GraphQL is a query language and runtime for APIs developed by Facebook in 2012 and open-sourced in 2015. Unlike REST, where each endpoint returns a fixed structure, GraphQL allows the client to specify exactly which fields it needs in a single query, reducing over-fetching, under-fetching, and multiple requests.

Examples

  • query { user(id: 42) { name email posts { title createdAt } } }
  • mutation { createPost(title: "Hello", body: "World") { id createdAt } }
  • subscription { postCreated { id title author { name } } }
  • query GetUser($id: ID!) { user(id: $id) { name posts(first: 10) { edges { node { title } } } } }
  • { users { id name } posts: allPosts { title } }

FAQ

Does GraphQL replace REST?

Not necessarily.

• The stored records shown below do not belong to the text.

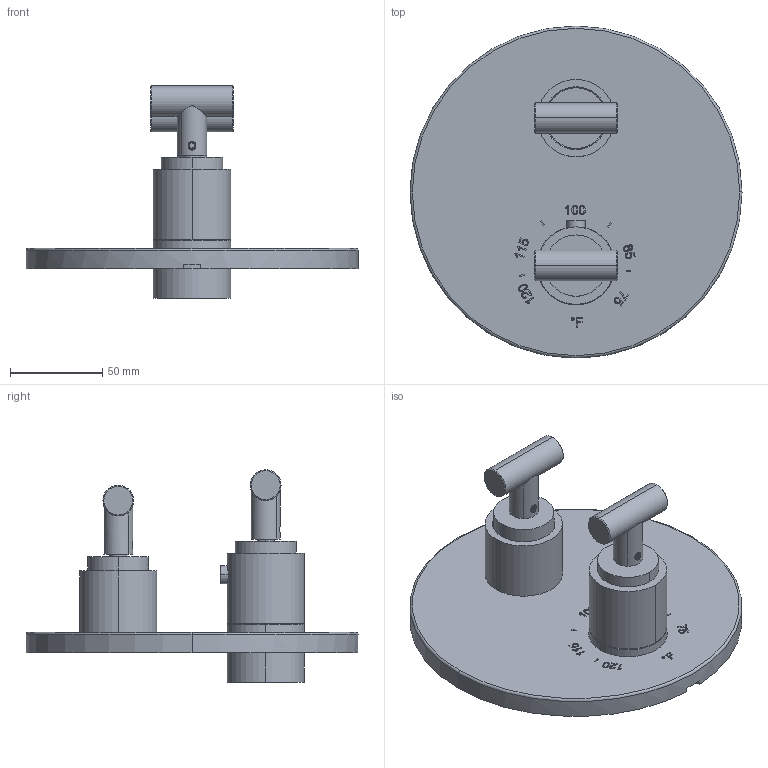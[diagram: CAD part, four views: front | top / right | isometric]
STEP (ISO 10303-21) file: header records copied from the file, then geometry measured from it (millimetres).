
FILE_DESCRIPTION((''),'2;1');
FILE_NAME('3-3103TR_ASM','2017-01-19T',('rsmith'),(''),'PRO/ENGINEER BY PARAMETRIC TECHNOLOGY CORPORATION, 2013150','PRO/ENGINEER BY PARAMETRIC TECHNOLOGY CORPORATION, 2013150','');
FILE_SCHEMA(('CONFIG_CONTROL_DESIGN'));
Length unit declared in the file: inch
Products named in the file (23): 12347_AF0; H-78_2_FEET_AF0; 91678; 20-116_AF0_ASM; 12368; 91249; 91080; 2-996_ASM; 91308; 12348; 12345_AF0; 12354; 12353; 92137; 91246; 92849; 2-998_ASM; 12530; 10936; 92012; 92000; 20-173_ASM; 3-3103TR_ASM
Assembly tree (23 placements, depth 3):
  3-3103TR_ASM
    20-116_AF0_ASM
      12347_AF0
      H-78_2_FEET_AF0
      91678
    2-996_ASM
      12368
      91249
      91080
    91308
    12348
    12345_AF0
    2-998_ASM
      12354
      12353
      92137
      91246
      92849
    20-173_ASM  x2
      12530
      10936
      92012
      92000
Bounding box: 180.09 x 180.09 x 115.21 mm (x, y, z)
Volume: 155235.8 mm3; surface area: 199011.5 mm2
Topology: 22 solids, 43 shells, 1588 faces, 4385 edges, 2923 vertices
Faces by surface type: plane 668, cylinder 425, extrusion 180, cone 147, bspline 106, torus 50, sphere 8, revolution 4
Entity records: 61627 total; most frequent: CARTESIAN_POINT 28495, ORIENTED_EDGE 7142, DIRECTION 5847, EDGE_CURVE 3736, VERTEX_POINT 2501, AXIS2_PLACEMENT_3D 2049, VECTOR 1745, LINE 1565
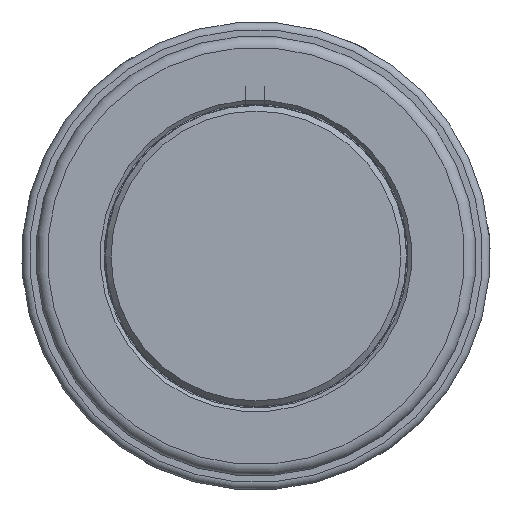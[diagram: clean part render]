
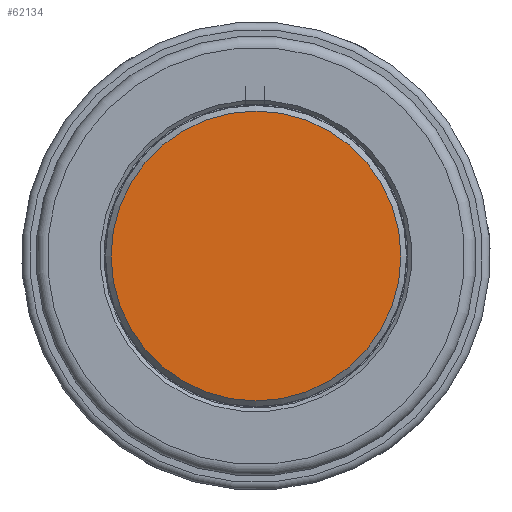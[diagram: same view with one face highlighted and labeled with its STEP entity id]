
A CAD part, left-side view. The second image highlights one B-rep face of the part: STEP entity #62134.
In plain terms, the highlighted planar face has unit normal (-1, 0, 0).
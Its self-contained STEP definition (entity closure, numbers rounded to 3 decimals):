
#62111=CARTESIAN_POINT('',(0.,7.675,0.));
#62112=VERTEX_POINT('',#62111);
#62113=CARTESIAN_POINT('',(0.,0.0,0.0));
#62114=DIRECTION('',(1.0,0.0,0.0));
#62115=DIRECTION('',(0.0,-1.0,0.0));
#62116=AXIS2_PLACEMENT_3D('',#62113,#62114,#62115);
#62117=CIRCLE('',#62116,7.675);
#62118=EDGE_CURVE('',#62112,#62112,#62117,.T.);
#62126=CARTESIAN_POINT('',(0.,6.988,0.0));
#62127=DIRECTION('',(-1.0,0.0,0.0));
#62128=DIRECTION('',(0.0,0.0,1.0));
#62129=AXIS2_PLACEMENT_3D('',#62126,#62127,#62128);
#62130=PLANE('',#62129);
#62131=ORIENTED_EDGE('',*,*,#62118,.F.);
#62132=EDGE_LOOP('',(#62131));
#62133=FACE_OUTER_BOUND('',#62132,.T.);
#62134=ADVANCED_FACE('',(#62133),#62130,.T.);
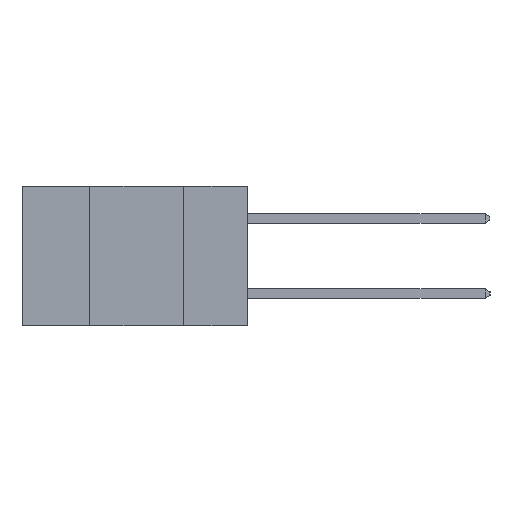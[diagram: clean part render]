
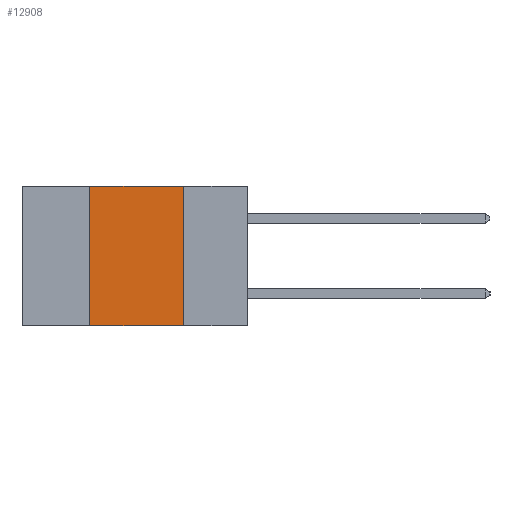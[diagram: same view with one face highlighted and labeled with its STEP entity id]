
A CAD part, left-side view. The second image highlights one B-rep face of the part: STEP entity #12908.
In plain terms, the highlighted planar face has unit normal (-1, 0, 0).
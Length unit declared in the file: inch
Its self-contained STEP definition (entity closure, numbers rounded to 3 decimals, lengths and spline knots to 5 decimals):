
#1426 = LINE ( 'NONE', #17331, #17139 ) ;
#1564 = CARTESIAN_POINT ( 'NONE',  ( 0., 0.6, 0. ) ) ;
#2325 = VERTEX_POINT ( 'NONE', #9928 ) ;
#4657 = VECTOR ( 'NONE', #15624, 39.37008 ) ;
#7161 = DIRECTION ( 'NONE',  ( 0., 0., 1. ) ) ;
#7649 = ORIENTED_EDGE ( 'NONE', *, *, #14117, .F. ) ;
#9355 = ORIENTED_EDGE ( 'NONE', *, *, #12278, .F. ) ;
#9706 = DIRECTION ( 'NONE',  ( 0., 0., -1. ) ) ;
#9928 = CARTESIAN_POINT ( 'NONE',  ( 0., 0.42, 0. ) ) ;
#10008 = DIRECTION ( 'NONE',  ( 0., -1., 0. ) ) ;
#10904 = LINE ( 'NONE', #22172, #22300 ) ;
#12148 = ORIENTED_EDGE ( 'NONE', *, *, #16363, .F. ) ;
#12278 = EDGE_CURVE ( 'NONE', #21393, #2325, #1426, .T. ) ;
#12908 = ADVANCED_FACE ( 'NONE', ( #23982 ), #17840, .F. ) ;
#13606 = CARTESIAN_POINT ( 'NONE',  ( 0., 0.17, -0.37 ) ) ;
#14117 = EDGE_CURVE ( 'NONE', #20330, #19005, #15454, .T. ) ;
#15004 = VECTOR ( 'NONE', #25902, 39.37008 ) ;
#15454 = LINE ( 'NONE', #13606, #4657 ) ;
#15616 = LINE ( 'NONE', #1564, #15004 ) ;
#15624 = DIRECTION ( 'NONE',  ( 0., 0., -1. ) ) ;
#16363 = EDGE_CURVE ( 'NONE', #2325, #20330, #15616, .T. ) ;
#17139 = VECTOR ( 'NONE', #7161, 39.37008 ) ;
#17199 = ORIENTED_EDGE ( 'NONE', *, *, #21747, .T. ) ;
#17331 = CARTESIAN_POINT ( 'NONE',  ( 0., 0.42, -0.37 ) ) ;
#17414 = AXIS2_PLACEMENT_3D ( 'NONE', #19835, #21868, #9706 ) ;
#17840 = PLANE ( 'NONE',  #17414 ) ;
#19005 = VERTEX_POINT ( 'NONE', #20017 ) ;
#19835 = CARTESIAN_POINT ( 'NONE',  ( 0., 0.6, 0. ) ) ;
#20017 = CARTESIAN_POINT ( 'NONE',  ( 0., 0.17, -0.37 ) ) ;
#20148 = EDGE_LOOP ( 'NONE', ( #7649, #12148, #9355, #17199 ) ) ;
#20330 = VERTEX_POINT ( 'NONE', #21609 ) ;
#21043 = CARTESIAN_POINT ( 'NONE',  ( 0., 0.42, -0.37 ) ) ;
#21393 = VERTEX_POINT ( 'NONE', #21043 ) ;
#21609 = CARTESIAN_POINT ( 'NONE',  ( 0., 0.17, 0. ) ) ;
#21747 = EDGE_CURVE ( 'NONE', #21393, #19005, #10904, .T. ) ;
#21868 = DIRECTION ( 'NONE',  ( 1., 0., 0. ) ) ;
#22172 = CARTESIAN_POINT ( 'NONE',  ( 0., 0.6, -0.37 ) ) ;
#22300 = VECTOR ( 'NONE', #10008, 39.37008 ) ;
#23982 = FACE_OUTER_BOUND ( 'NONE', #20148, .T. ) ;
#25902 = DIRECTION ( 'NONE',  ( 0., -1., 0. ) ) ;
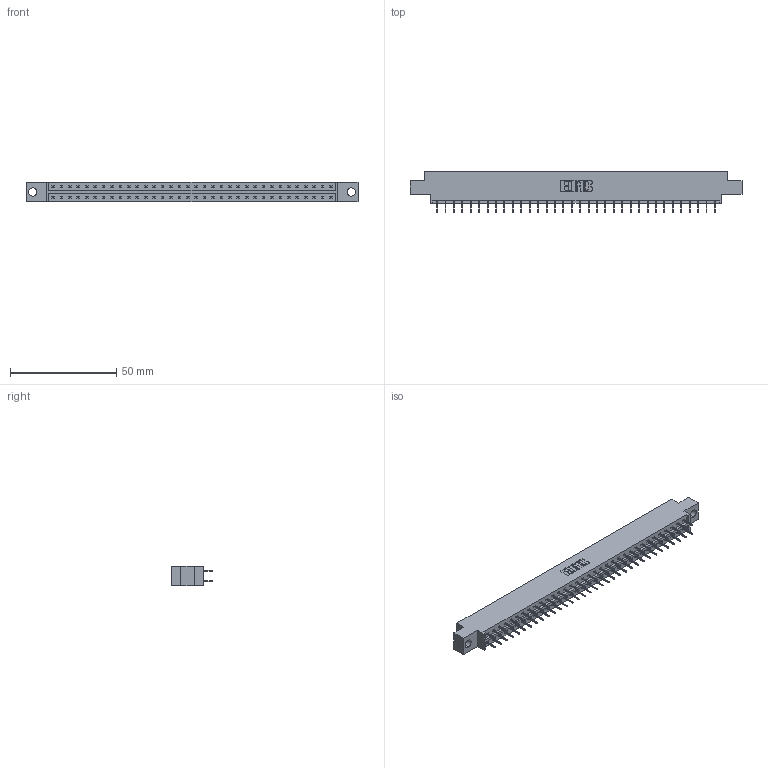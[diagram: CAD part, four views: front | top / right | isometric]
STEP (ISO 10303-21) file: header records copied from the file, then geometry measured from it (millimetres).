
FILE_DESCRIPTION (( 'STEP AP203' ), '1' );
FILE_NAME ('833-068-524-804.STEP', '2020-06-05T10:30:22', ( '' ), ( '' ), 'SwSTEP 2.0', 'SolidWorks 2020', '' );
FILE_SCHEMA (( 'CONFIG_CONTROL_DESIGN' ));
Length unit declared in the file: inch
Products named in the file (3): 833-068-524-804; 345-292-001_345-293-124; 833 Part_Offset - .156 Dia - TH
Assembly tree (69 placements, depth 2):
  833-068-524-804
    833 Part_Offset - .156 Dia - TH
    345-292-001_345-293-124  x68
Bounding box: 156.26 x 19.69 x 9.4 mm (x, y, z)
Volume: 15460 mm3; surface area: 17903 mm2
Topology: 69 solids, 69 shells, 3926 faces, 11135 edges, 7150 vertices
Faces by surface type: plane 2930, cylinder 996
Entity records: 23117 total; most frequent: CARTESIAN_POINT 3842, ORIENTED_EDGE 3778, DIRECTION 3297, EDGE_CURVE 1889, LINE 1765, VECTOR 1765, VERTEX_POINT 1254, AXIS2_PLACEMENT_3D 766
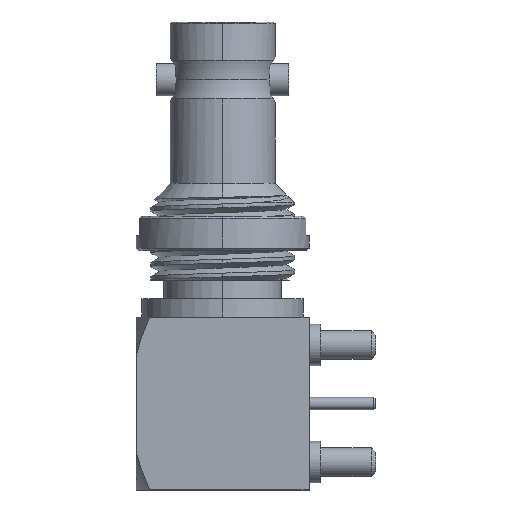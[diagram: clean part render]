
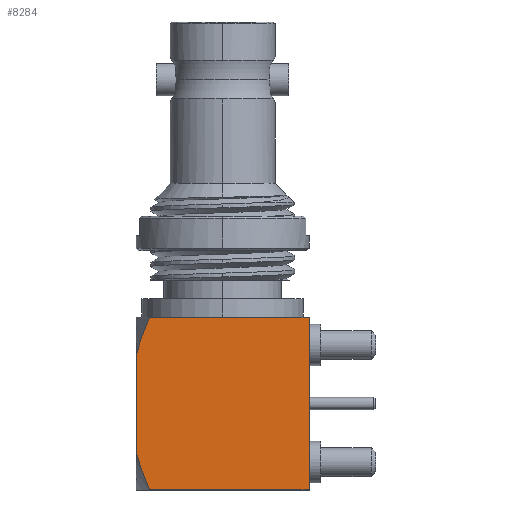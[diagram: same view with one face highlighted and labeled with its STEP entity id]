
A CAD part, left-side view. The second image highlights one B-rep face of the part: STEP entity #8284.
In plain terms, the highlighted planar face has unit normal (-1, 0, 0).
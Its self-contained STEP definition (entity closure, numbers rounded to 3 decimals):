
#14 = DIRECTION ( 'NONE',  ( 0., 1., 0. ) ) ;
#152 = CARTESIAN_POINT ( 'NONE',  ( -3.783, -3.75, 5.595 ) ) ;
#402 = VECTOR ( 'NONE', #4022, 1000. ) ;
#459 = ORIENTED_EDGE ( 'NONE', *, *, #6022, .T. ) ;
#561 = CARTESIAN_POINT ( 'NONE',  ( -3.783, 3.386, -1.358 ) ) ;
#762 = VERTEX_POINT ( 'NONE', #2584 ) ;
#884 = LINE ( 'NONE', #7754, #1314 ) ;
#980 = CARTESIAN_POINT ( 'NONE',  ( -3.783, -3.75, -1.9 ) ) ;
#1250 = CARTESIAN_POINT ( 'NONE',  ( -3.783, 3.282, -1.628 ) ) ;
#1314 = VECTOR ( 'NONE', #3968, 1000. ) ;
#1542 = LINE ( 'NONE', #980, #402 ) ;
#1600 = CARTESIAN_POINT ( 'NONE',  ( -3.783, 3.75, -0.254 ) ) ;
#1776 = CARTESIAN_POINT ( 'NONE',  ( -3.783, 3.593, 4.511 ) ) ;
#1803 = B_SPLINE_CURVE_WITH_KNOTS ( 'NONE', 3,
 ( #7974, #5942, #7392, #561, #1250, #5744 ),
 .UNSPECIFIED., .F., .F.,
 ( 4, 2, 4 ),
 ( 0.011, 0.012, 0.013 ),
 .UNSPECIFIED. ) ;
#1808 = EDGE_LOOP ( 'NONE', ( #459, #2907, #4813, #5054, #8558, #5368 ) ) ;
#1837 = LINE ( 'NONE', #4837, #2628 ) ;
#2201 = EDGE_CURVE ( 'NONE', #8189, #9180, #884, .T. ) ;
#2238 = FACE_OUTER_BOUND ( 'NONE', #1808, .T. ) ;
#2339 = CARTESIAN_POINT ( 'NONE',  ( -3.783, 3.392, 5.057 ) ) ;
#2584 = CARTESIAN_POINT ( 'NONE',  ( -3.783, -3.75, 5.595 ) ) ;
#2628 = VECTOR ( 'NONE', #4184, 1000. ) ;
#2907 = ORIENTED_EDGE ( 'NONE', *, *, #8492, .T. ) ;
#2988 = EDGE_CURVE ( 'NONE', #7174, #8189, #1803, .T. ) ;
#3262 = AXIS2_PLACEMENT_3D ( 'NONE', #6080, #8321, #9118 ) ;
#3288 = B_SPLINE_CURVE_WITH_KNOTS ( 'NONE', 3,
 ( #8603, #2339, #1776, #6929 ),
 .UNSPECIFIED., .F., .F.,
 ( 4, 4 ),
 ( 0.005, 0.007 ),
 .UNSPECIFIED. ) ;
#3597 = VECTOR ( 'NONE', #14, 1000. ) ;
#3968 = DIRECTION ( 'NONE',  ( 0., -1., 0. ) ) ;
#4022 = DIRECTION ( 'NONE',  ( 0., 0., 1. ) ) ;
#4184 = DIRECTION ( 'NONE',  ( 0., 0., -1. ) ) ;
#4660 = VERTEX_POINT ( 'NONE', #5999 ) ;
#4786 = LINE ( 'NONE', #152, #3597 ) ;
#4813 = ORIENTED_EDGE ( 'NONE', *, *, #5194, .T. ) ;
#4837 = CARTESIAN_POINT ( 'NONE',  ( -3.783, 3.75, 1.85 ) ) ;
#5054 = ORIENTED_EDGE ( 'NONE', *, *, #2988, .T. ) ;
#5194 = EDGE_CURVE ( 'NONE', #6946, #7174, #1837, .T. ) ;
#5368 = ORIENTED_EDGE ( 'NONE', *, *, #5680, .T. ) ;
#5680 = EDGE_CURVE ( 'NONE', #9180, #762, #1542, .T. ) ;
#5744 = CARTESIAN_POINT ( 'NONE',  ( -3.783, 3.173, -1.895 ) ) ;
#5942 = CARTESIAN_POINT ( 'NONE',  ( -3.783, 3.671, -0.534 ) ) ;
#5999 = CARTESIAN_POINT ( 'NONE',  ( -3.783, 3.173, 5.595 ) ) ;
#6022 = EDGE_CURVE ( 'NONE', #762, #4660, #4786, .T. ) ;
#6080 = CARTESIAN_POINT ( 'NONE',  ( -3.783, 6.25, -1.9 ) ) ;
#6929 = CARTESIAN_POINT ( 'NONE',  ( -3.783, 3.75, 3.954 ) ) ;
#6946 = VERTEX_POINT ( 'NONE', #8889 ) ;
#7174 = VERTEX_POINT ( 'NONE', #1600 ) ;
#7392 = CARTESIAN_POINT ( 'NONE',  ( -3.783, 3.581, -0.811 ) ) ;
#7754 = CARTESIAN_POINT ( 'NONE',  ( -3.783, -3.75, -1.895 ) ) ;
#7974 = CARTESIAN_POINT ( 'NONE',  ( -3.783, 3.75, -0.254 ) ) ;
#8181 = PLANE ( 'NONE',  #3262 ) ;
#8189 = VERTEX_POINT ( 'NONE', #9068 ) ;
#8284 = ADVANCED_FACE ( 'NONE', ( #2238 ), #8181, .F. ) ;
#8321 = DIRECTION ( 'NONE',  ( 1., 0., 0. ) ) ;
#8492 = EDGE_CURVE ( 'NONE', #4660, #6946, #3288, .T. ) ;
#8558 = ORIENTED_EDGE ( 'NONE', *, *, #2201, .T. ) ;
#8603 = CARTESIAN_POINT ( 'NONE',  ( -3.783, 3.173, 5.595 ) ) ;
#8889 = CARTESIAN_POINT ( 'NONE',  ( -3.783, 3.75, 3.954 ) ) ;
#9068 = CARTESIAN_POINT ( 'NONE',  ( -3.783, 3.173, -1.895 ) ) ;
#9118 = DIRECTION ( 'NONE',  ( 0., 0., -1. ) ) ;
#9180 = VERTEX_POINT ( 'NONE', #9809 ) ;
#9809 = CARTESIAN_POINT ( 'NONE',  ( -3.783, -3.75, -1.895 ) ) ;
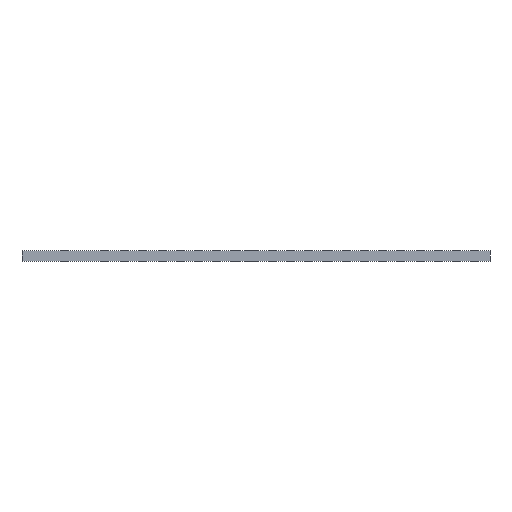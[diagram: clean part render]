
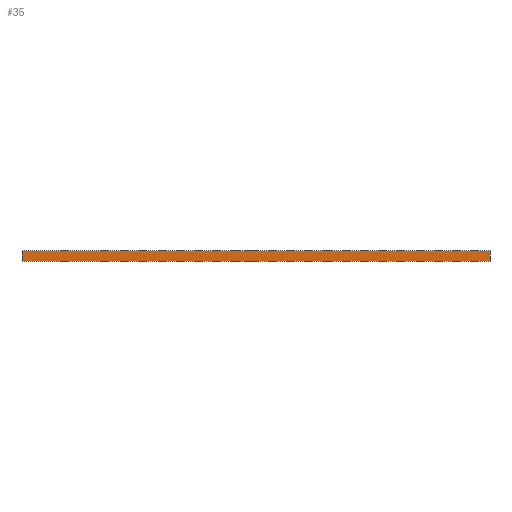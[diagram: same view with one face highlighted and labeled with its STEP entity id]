
A CAD part, front view. The second image highlights one B-rep face of the part: STEP entity #35.
In plain terms, the highlighted planar face has unit normal (0, -1, 0).
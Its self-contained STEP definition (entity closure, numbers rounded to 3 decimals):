
#35 = ADVANCED_FACE('',(#36),#70,.T.);
#36 = FACE_BOUND('',#37,.T.);
#37 = EDGE_LOOP('',(#38,#48,#56,#64));
#38 = ORIENTED_EDGE('',*,*,#39,.T.);
#39 = EDGE_CURVE('',#40,#42,#44,.T.);
#40 = VERTEX_POINT('',#41);
#41 = CARTESIAN_POINT('',(157.08,-145.44,0.));
#42 = VERTEX_POINT('',#43);
#43 = CARTESIAN_POINT('',(157.08,-145.44,1.51));
#44 = LINE('',#45,#46);
#45 = CARTESIAN_POINT('',(157.08,-145.44,0.));
#46 = VECTOR('',#47,1.);
#47 = DIRECTION('',(0.,0.,1.));
#48 = ORIENTED_EDGE('',*,*,#49,.T.);
#49 = EDGE_CURVE('',#42,#50,#52,.T.);
#50 = VERTEX_POINT('',#51);
#51 = CARTESIAN_POINT('',(92.58,-145.44,1.51));
#52 = LINE('',#53,#54);
#53 = CARTESIAN_POINT('',(157.08,-145.44,1.51));
#54 = VECTOR('',#55,1.);
#55 = DIRECTION('',(-1.,0.,0.));
#56 = ORIENTED_EDGE('',*,*,#57,.F.);
#57 = EDGE_CURVE('',#58,#50,#60,.T.);
#58 = VERTEX_POINT('',#59);
#59 = CARTESIAN_POINT('',(92.58,-145.44,0.));
#60 = LINE('',#61,#62);
#61 = CARTESIAN_POINT('',(92.58,-145.44,0.));
#62 = VECTOR('',#63,1.);
#63 = DIRECTION('',(0.,0.,1.));
#64 = ORIENTED_EDGE('',*,*,#65,.F.);
#65 = EDGE_CURVE('',#40,#58,#66,.T.);
#66 = LINE('',#67,#68);
#67 = CARTESIAN_POINT('',(157.08,-145.44,0.));
#68 = VECTOR('',#69,1.);
#69 = DIRECTION('',(-1.,0.,0.));
#70 = PLANE('',#71);
#71 = AXIS2_PLACEMENT_3D('',#72,#73,#74);
#72 = CARTESIAN_POINT('',(157.08,-145.44,0.));
#73 = DIRECTION('',(0.,-1.,0.));
#74 = DIRECTION('',(-1.,0.,0.));

GraphQL solves specific problems (over-fetching, multiple requests, flexibility). REST is still better for simple public APIs, HTTP cache, and when you don't need complex queries. Many companies use both depending on the case.

How do I handle authentication in GraphQL?

Same as REST: send a token (JWT, OAuth) in the Authorization header. Resolvers verify permissions before returning data. Libraries like graphql-shield allow defining declarative authorization rules at field or type level.

What is the N+1 problem and how do I solve it?

If a query requests users and their posts, without batching you'd do 1 query for users + N queries (one per user) for posts. DataLoader groups the N queries into one: SELECT * FROM posts WHERE user_id IN (...). It's essential in GraphQL; without DataLoader, nested queries are slow.